Ovviamente… essendo Ray il Re dei vagabondi e, il suo amico Jack, un degno compagno di avventura, il treno non lo pagavano affatto anzi, riuscirono nell’impresa di questa lunga traversata rischiando ogni giorno la vita, la galera e i temuti lavori forzati. Purtroppo, nonostante sia basato su storie personali realmente accadute, la narrazione non mi ha appassionato un solo secondo.
Ho trovato invece molto tenero e toccante il motivo per il quale Ray si è ritrovato a vivere di espedienti in mezzo alla strada per così tanti anni. Per una nota presa a scuola. Lui per paura della reazione dei suoi genitori, sgattaiola fuori casa per non fare più ritorno.
Da questo libro ho imparato: anzitutto chi è un Hobo. Essere Hobo è abbracciare un vero e proprio stile di vita. Termine nato nella seconda metà del 1800 per definire i vagabondi che per scelta decidevano di vivere per strada, di abbracciare un’esistenza semplice, viaggiando per il solo piacere di viaggiare, spostandosi continuamente e svolgendo alla bisogna qualche lavoretto.

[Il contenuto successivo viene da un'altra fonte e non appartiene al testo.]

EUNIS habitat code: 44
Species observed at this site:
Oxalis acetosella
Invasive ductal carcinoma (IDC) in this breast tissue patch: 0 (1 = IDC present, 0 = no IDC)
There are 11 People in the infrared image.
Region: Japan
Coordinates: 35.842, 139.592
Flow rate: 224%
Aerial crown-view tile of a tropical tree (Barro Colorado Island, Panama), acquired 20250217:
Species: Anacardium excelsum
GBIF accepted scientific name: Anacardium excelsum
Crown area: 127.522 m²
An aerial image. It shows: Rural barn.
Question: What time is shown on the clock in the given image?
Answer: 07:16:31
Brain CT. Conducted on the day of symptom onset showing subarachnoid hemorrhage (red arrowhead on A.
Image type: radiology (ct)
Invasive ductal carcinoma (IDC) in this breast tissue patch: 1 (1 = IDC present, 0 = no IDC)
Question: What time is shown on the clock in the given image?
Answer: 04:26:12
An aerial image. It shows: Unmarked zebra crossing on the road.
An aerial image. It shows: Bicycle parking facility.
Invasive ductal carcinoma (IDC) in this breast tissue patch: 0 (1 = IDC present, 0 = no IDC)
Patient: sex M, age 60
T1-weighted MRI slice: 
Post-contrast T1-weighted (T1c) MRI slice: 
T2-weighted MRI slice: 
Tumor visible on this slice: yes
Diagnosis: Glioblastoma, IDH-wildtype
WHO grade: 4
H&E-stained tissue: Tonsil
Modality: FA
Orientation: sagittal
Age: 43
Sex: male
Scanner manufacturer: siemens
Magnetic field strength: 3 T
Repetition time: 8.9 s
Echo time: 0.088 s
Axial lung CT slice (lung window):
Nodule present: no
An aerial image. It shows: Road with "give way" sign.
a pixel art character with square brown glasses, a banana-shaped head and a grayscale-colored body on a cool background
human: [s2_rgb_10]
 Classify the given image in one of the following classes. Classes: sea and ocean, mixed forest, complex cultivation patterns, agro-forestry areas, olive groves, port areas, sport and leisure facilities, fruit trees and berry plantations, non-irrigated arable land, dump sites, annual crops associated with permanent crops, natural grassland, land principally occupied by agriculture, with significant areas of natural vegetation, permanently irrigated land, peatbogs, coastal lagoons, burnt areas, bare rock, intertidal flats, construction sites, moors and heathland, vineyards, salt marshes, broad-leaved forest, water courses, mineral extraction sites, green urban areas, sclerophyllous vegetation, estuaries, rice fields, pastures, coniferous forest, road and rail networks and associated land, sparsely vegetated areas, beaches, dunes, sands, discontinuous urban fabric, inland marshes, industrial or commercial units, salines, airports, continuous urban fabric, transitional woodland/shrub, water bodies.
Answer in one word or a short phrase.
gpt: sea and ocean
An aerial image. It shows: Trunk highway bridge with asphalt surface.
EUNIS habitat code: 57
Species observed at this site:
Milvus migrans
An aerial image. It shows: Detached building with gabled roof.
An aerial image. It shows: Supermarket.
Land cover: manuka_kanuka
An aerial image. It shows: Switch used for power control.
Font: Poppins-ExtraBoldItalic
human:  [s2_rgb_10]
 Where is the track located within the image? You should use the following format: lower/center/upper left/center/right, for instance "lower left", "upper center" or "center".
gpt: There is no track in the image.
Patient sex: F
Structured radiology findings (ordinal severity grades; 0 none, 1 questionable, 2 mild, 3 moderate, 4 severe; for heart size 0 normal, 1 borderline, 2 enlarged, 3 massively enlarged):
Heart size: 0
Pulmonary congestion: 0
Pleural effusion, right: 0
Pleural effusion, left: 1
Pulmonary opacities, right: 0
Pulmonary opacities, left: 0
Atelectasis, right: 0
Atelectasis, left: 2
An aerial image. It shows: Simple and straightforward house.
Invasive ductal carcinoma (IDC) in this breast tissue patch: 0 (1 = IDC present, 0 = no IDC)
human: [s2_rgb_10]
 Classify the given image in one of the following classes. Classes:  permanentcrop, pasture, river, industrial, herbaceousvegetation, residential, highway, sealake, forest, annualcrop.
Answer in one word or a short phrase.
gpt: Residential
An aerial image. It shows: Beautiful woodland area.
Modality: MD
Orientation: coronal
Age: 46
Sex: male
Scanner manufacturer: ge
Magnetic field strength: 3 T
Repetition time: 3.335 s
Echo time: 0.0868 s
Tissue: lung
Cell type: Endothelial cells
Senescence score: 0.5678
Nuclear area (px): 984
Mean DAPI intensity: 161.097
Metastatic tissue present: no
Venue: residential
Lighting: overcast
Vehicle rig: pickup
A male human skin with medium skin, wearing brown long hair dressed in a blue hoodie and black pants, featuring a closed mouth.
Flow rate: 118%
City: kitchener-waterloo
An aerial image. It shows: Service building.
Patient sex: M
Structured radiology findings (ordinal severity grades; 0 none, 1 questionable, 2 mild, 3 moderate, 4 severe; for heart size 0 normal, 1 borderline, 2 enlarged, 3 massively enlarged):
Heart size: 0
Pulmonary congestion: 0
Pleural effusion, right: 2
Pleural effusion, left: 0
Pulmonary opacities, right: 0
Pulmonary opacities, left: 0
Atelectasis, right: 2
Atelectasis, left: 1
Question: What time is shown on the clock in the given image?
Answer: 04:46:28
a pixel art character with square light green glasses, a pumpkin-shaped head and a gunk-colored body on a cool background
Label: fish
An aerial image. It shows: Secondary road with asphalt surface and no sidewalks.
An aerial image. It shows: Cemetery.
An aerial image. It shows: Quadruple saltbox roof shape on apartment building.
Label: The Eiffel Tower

Ho imparato che Ray, conosciuto come A-N°1 , ideò un vero e proprio vocabolario Hobo, fatto di simboli e disegni che permettevano di capire che difficoltà potessero esserci in una stazione, in una cittadina o in un quartiere. Chiunque conoscesse il significato di quelle scritte poteva sapere a cosa andava incontro ad esempio, poteva scoprire se c’erano cani pericolosi, poliziotti corrotti, galere pulite, padroni di casa che offrivano cibo o alloggio.
Ho imparato che ogni Hobo aveva un soprannome. Diventava ciò che faceva. C’era il Dummy, che si fingeva sordomuto, lo Stick che aveva perso una gamba a causa di un treno, la Gun Moll cioè una vagabonda pericolosa, l’Alkee Stiff era l’alcolizzato cronico e il Gink un uomo giovane che ogni tanto lavorava…e così via.
Il libro è corredato di alcune vecchie foto di locomotive e stazioni e di Hobo scomodamente nascosti sotto i treni a dimostrazione delle consuete pratiche di ‘freighthopping’ cioè: l’antica arte del viaggiare a sbafo.
Nel complesso le curiosità sono state molte, devo ammetterlo, peccato per la narrazione che proprio non scorreva.